Last year the firm laid on 31 shows across Britain and in 2019 19 ex-Coronation Street stars trod the boards in panto.

Big-name stars such as Ryan Thomas – Coronation Street’s Jason Grimshaw – can command six-figure pay packets.

And for some, it accounts for most of their yearly salary.

Some of the biggest earners from the world of soap are BBC stars such as Phil Mitchell actor, Steve McFadden.

As far back as 2011, the 61-year-old was reportedly earning £200,000 to play the villain in panto.

Adam Woodyatt, better known as Ian Beale, has been on the panto circuit for years and reportedly earns around £130,000 a production.

A showbiz agent told us: “There are a lot of worried big-name soap stars. Quite a few rely on the panto cheque to pay the mortgage because it accounts for most of their yearly work.

“Many don’t do much else because they haven’t needed to but with Qdos about to pull the plug, they are wondering where the cash will come from this year.

“The Government needs to act to get the shows on. I’ve been speaking to some very worried people. There isn’t much acting work about so some are wondering where the cash will come from.

“I’ve had people talking about turning to taxi work or delivering pizzas to try and make ends meet. There is talk that people will lose their houses next year if the money doesn’t start coming in.”

This week it was revealed that ministers are aiming to have full audiences back in theatres in time for the pantomime season to give city and town centres a pre-Christmas boost.
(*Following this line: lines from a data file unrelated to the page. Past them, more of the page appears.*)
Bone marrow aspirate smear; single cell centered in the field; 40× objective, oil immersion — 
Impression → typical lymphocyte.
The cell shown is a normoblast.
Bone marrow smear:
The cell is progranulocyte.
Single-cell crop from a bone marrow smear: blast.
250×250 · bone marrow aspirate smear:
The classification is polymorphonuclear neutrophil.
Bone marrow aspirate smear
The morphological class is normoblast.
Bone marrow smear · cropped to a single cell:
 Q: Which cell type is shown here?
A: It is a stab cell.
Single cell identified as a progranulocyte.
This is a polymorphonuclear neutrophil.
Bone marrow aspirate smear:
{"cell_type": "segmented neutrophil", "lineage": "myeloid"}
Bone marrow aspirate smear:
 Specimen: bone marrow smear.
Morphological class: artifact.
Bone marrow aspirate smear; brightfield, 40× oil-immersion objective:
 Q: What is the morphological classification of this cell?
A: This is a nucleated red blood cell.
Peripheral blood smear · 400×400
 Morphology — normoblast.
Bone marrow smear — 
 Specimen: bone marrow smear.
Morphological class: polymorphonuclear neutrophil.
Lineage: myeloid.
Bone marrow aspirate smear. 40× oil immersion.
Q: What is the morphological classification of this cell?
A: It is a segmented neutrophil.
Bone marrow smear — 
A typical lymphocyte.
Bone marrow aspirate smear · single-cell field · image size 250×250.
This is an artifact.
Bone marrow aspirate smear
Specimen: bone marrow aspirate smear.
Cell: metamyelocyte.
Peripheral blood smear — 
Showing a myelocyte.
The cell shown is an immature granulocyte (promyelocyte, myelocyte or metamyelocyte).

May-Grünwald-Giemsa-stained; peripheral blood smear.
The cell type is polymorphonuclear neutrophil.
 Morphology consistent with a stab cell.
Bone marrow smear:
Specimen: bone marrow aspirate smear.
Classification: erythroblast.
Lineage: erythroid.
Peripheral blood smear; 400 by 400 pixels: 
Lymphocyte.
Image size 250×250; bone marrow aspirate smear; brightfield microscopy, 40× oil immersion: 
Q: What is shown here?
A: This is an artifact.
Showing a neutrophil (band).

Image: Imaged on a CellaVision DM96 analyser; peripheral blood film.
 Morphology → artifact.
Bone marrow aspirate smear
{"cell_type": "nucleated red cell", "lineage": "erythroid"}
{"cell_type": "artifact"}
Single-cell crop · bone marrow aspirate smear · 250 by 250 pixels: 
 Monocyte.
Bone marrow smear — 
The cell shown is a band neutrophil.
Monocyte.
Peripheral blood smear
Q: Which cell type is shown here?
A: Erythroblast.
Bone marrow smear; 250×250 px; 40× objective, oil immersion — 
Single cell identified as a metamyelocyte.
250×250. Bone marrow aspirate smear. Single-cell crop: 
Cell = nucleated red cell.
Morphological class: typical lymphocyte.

No10 has ordered officials in the Culture Department to make the December target a priority to save the theatre industry.

Culture Secretary Oliver Dowden has named it Operation Sleeping Beauty.
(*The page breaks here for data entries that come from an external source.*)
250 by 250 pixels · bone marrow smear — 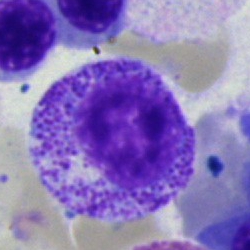

Q: Identify the cell.
A: A myelocyte.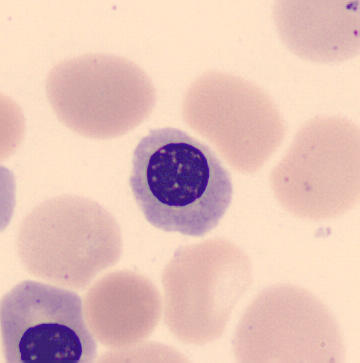Acquisition: Peripheral blood film. Morphological class — nucleated red cell.
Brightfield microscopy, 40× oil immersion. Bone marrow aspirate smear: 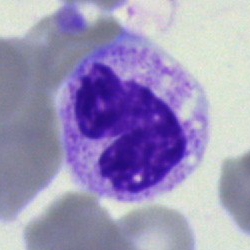

Q: What cell is this?
A: Neutrophil (band).
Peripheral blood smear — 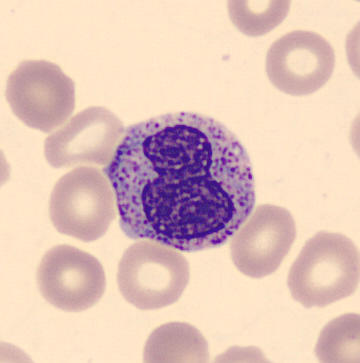

Morphological class: metamyelocyte.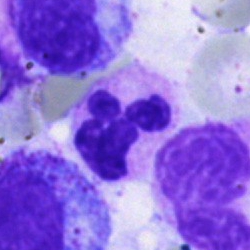 Impression → neutrophil (segmented).
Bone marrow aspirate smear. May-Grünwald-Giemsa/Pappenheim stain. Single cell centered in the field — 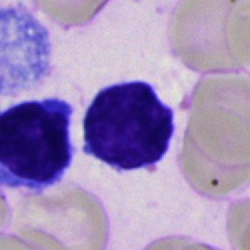

Single cell identified as a lymphocyte.
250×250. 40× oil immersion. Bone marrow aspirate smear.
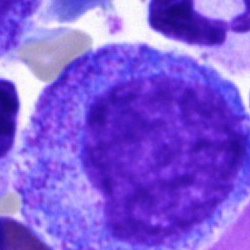 Q: What is the morphological classification of this cell?
A: Promyelocyte.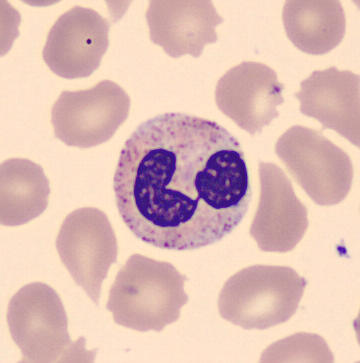
Morphology → polymorphonuclear neutrophil.
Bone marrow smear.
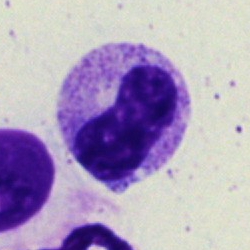
A band-form neutrophil.
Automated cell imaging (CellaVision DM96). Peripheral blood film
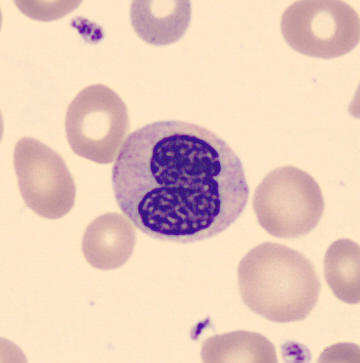

The classification is metamyelocyte.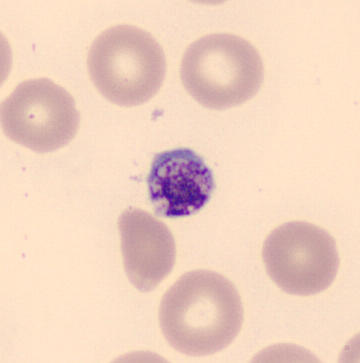 A platelet on a peripheral blood smear.
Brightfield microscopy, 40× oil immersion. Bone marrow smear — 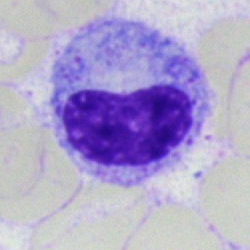
Showing a metamyelocyte.
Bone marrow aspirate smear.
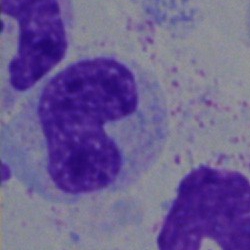 Q: What is shown here?
A: This is a band neutrophil.
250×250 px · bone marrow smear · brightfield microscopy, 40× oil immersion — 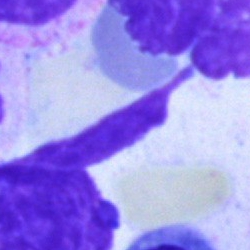
Single cell identified as an artifact.
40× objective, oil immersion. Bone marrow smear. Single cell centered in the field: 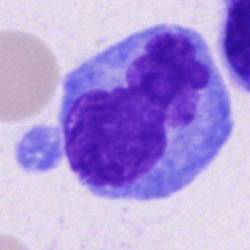 Morphology consistent with a plasmacyte.
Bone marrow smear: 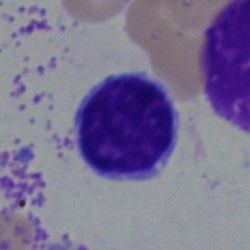 Q: What is the morphological classification of this cell?
A: This is a typical lymphocyte.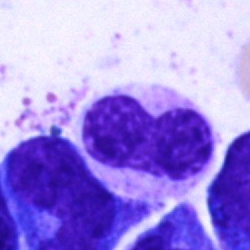 Specimen: bone marrow aspirate smear.
Cell: metamyelocyte.
Lineage: myeloid.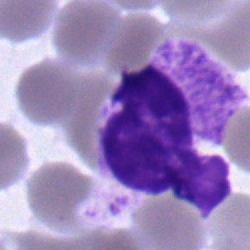 Cell: segmented neutrophil.
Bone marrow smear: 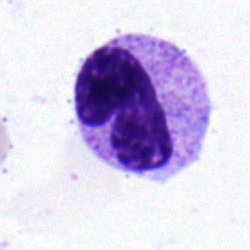 The morphological class is band neutrophil.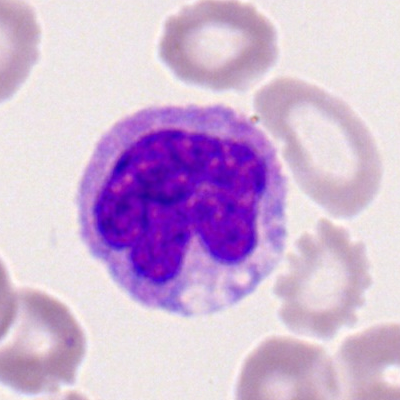Q: Which cell type is shown here?
A: This is a monocyte.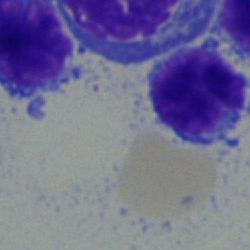 Showing a typical lymphocyte.
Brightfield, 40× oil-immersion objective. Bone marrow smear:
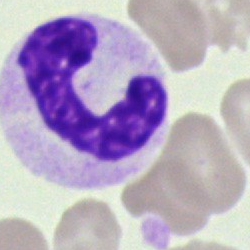Band neutrophil.
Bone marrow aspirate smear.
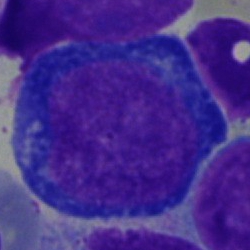The morphological class is pronormoblast.
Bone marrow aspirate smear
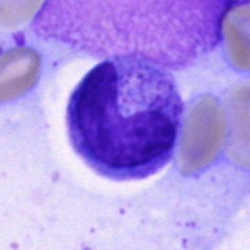 Q: What is the morphological classification of this cell?
A: A metamyelocyte.
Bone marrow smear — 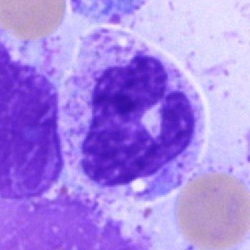 {"cell_type": "neutrophil (segmented)"}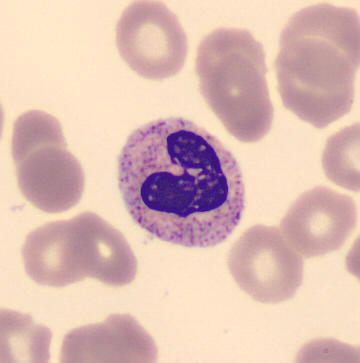Peripheral blood smear.
Morphology — band neutrophil.
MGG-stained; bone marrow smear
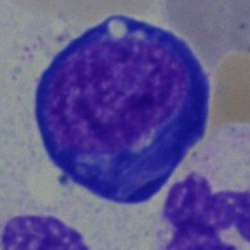
Single cell identified as a pronormoblast.
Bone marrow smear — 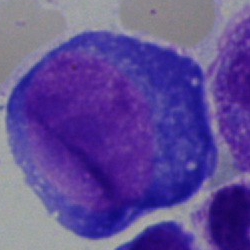

Morphology consistent with a pronormoblast.
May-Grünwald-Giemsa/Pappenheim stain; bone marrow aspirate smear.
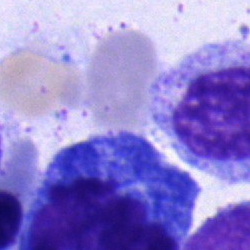Single cell identified as a myelocyte.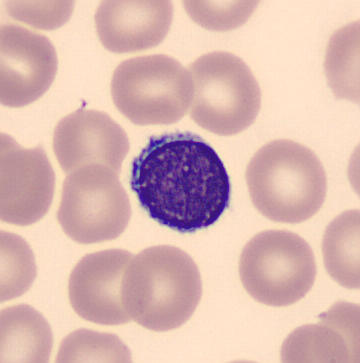Peripheral blood smear; single cell centered in the field; MGG-stained.
Identified as a lymphocyte.
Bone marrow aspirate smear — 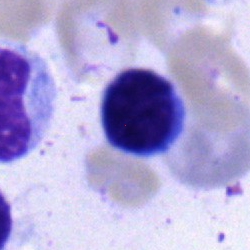
Classification — typical lymphocyte.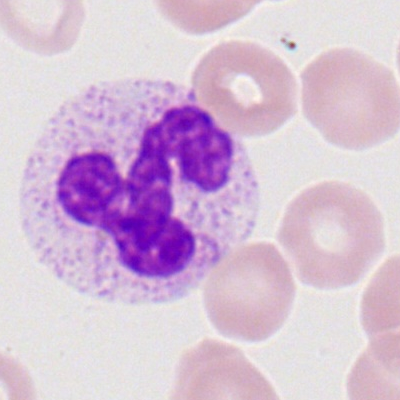 Peripheral blood smear showing a segmented neutrophil.
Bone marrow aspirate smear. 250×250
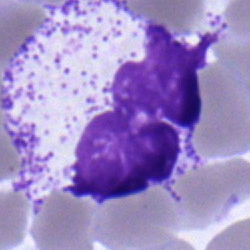{"cell_type": "segmented neutrophil"}
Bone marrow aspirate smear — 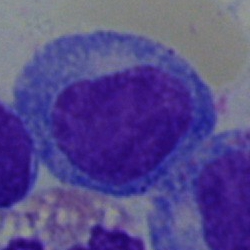
Morphological class — plasmacyte.
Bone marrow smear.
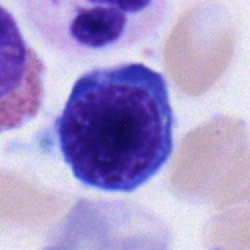

Q: Which cell type is shown here?
A: Normoblast.
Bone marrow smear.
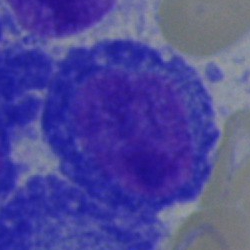 Classification: plasmacyte.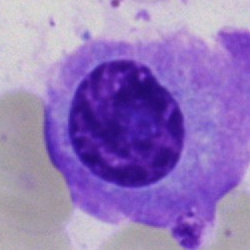

Q: What is the morphological classification of this cell?
A: It is a plasma cell.
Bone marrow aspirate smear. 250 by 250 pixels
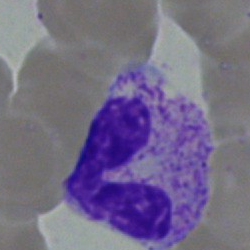 Cell = neutrophil (band).
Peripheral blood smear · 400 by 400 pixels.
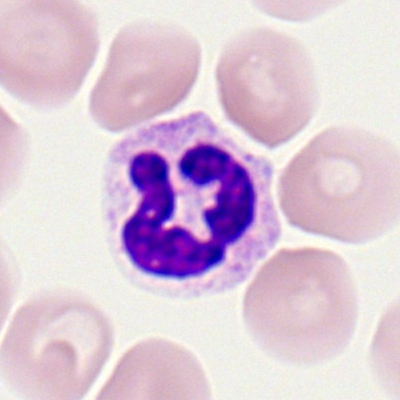 A segmented neutrophil.

Ministers view getting a pantomime season in this year as crucial as it would attract people to restaurants and bars.

But last month Qdos Pantomimes revealed they were taking action having reached the deadline set by theatres for the Government to agree a date for reopening without social distancing.
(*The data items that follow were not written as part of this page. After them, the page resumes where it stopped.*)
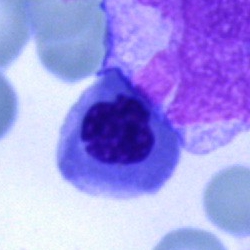

Bone marrow smear showing an erythroblast.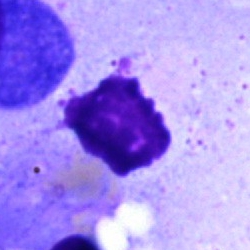

Morphology — artifact.
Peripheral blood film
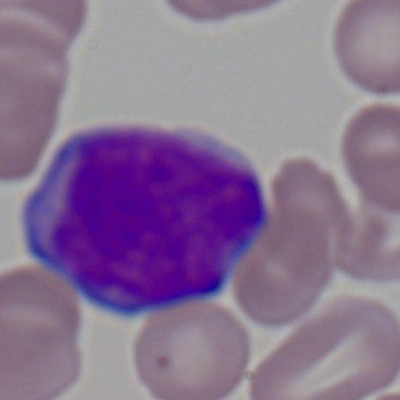

Morphological class: myeloblast.
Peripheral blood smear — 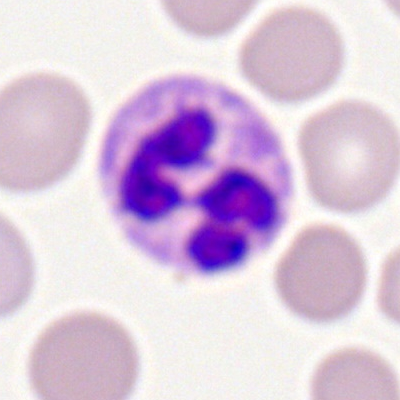 The cell shown is a segmented neutrophil.
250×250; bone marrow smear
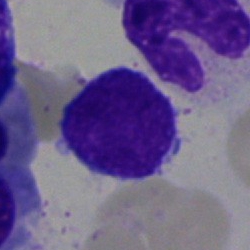 The morphological class is lymphocyte.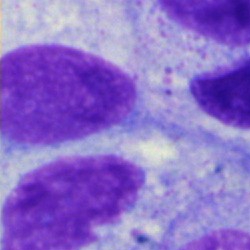
Single cell identified as an artifact.
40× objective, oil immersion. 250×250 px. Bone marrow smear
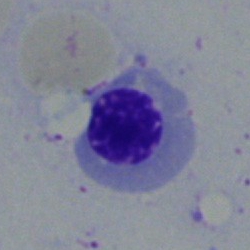Nucleated red cell.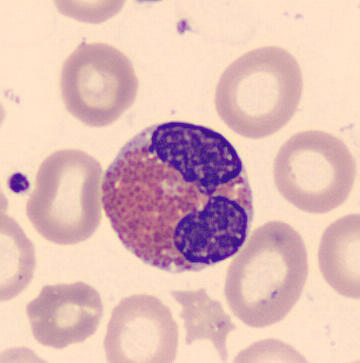
Q: What is the morphological classification of this cell?
A: Eosinophil. Preparation: Peripheral blood smear.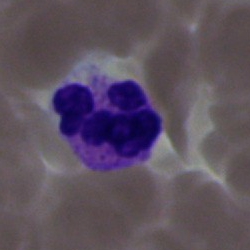
Specimen: bone marrow smear.
Cell: neutrophil (segmented).
Lineage: myeloid.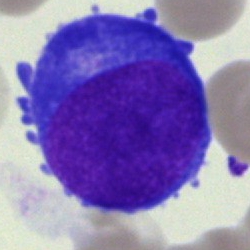Showing a proerythroblast.
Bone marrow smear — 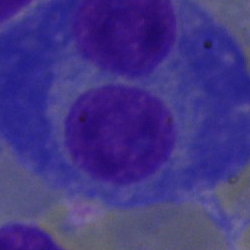
Q: What type of cell is this?
A: This is a plasmacyte.
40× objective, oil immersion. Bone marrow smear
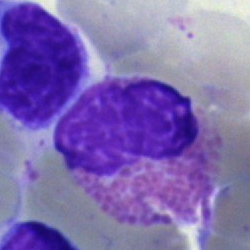

Impression → eosinophil.
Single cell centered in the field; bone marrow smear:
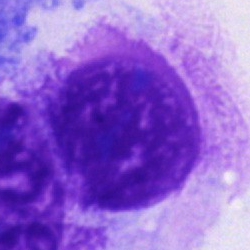

Showing an other cell.
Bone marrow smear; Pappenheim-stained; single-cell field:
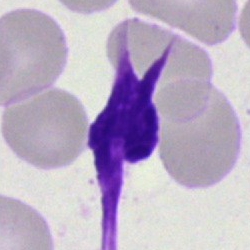 Artifact.
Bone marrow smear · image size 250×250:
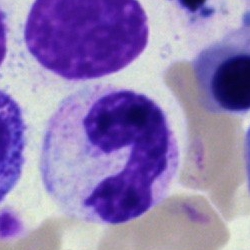
{"cell_type": "neutrophil (band)", "lineage": "myeloid"}
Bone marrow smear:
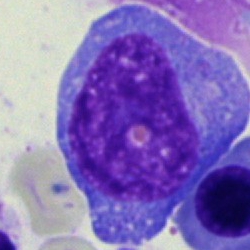
Impression — plasma cell.
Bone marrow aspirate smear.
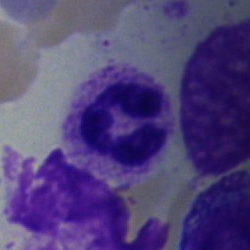

Specimen: bone marrow aspirate smear.
Cell: segmented neutrophil.
Lineage: myeloid.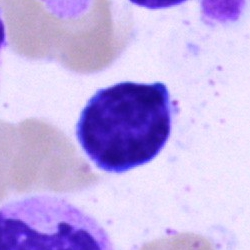 The cell is typical lymphocyte.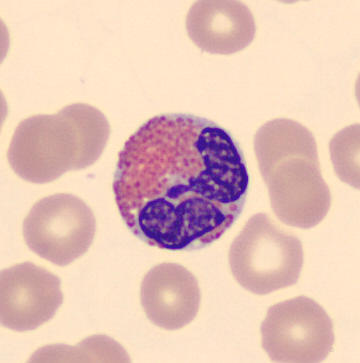

Cell: eosinophilic granulocyte.
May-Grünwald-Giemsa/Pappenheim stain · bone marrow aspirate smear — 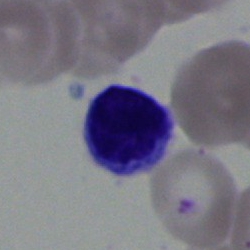 Single cell identified as a lymphocyte.

The statement read: “Based on the Secretary of State for Digital, Culture, Media and Sport’s reiteration last week that the Government won’t be providing further guidance on theatres operating without social distancing until November at the earliest, we are left with no choice but to begin the consultation process with our partner theatres about the viability of each show. This is a complex process and will take several weeks to complete.”

The statement concludes: “We are not immediately announcing the postponement of all shows. Plans will be announced by individual theatres and communicated to ticket holders in due course.”

Our source added: “It’s not looking good for panto this year at all. All the people I’ve spoken to have resigned themselves to losing the cash.”

Already more than 36 pantos across the UK have been affected by the Covid pandemic with many postponed until 2021.

Possible options being discussed by theatres across the country include rescheduling shows for Christmas 2021/22 with some considering the viability of running their shows as Easter pantomimes.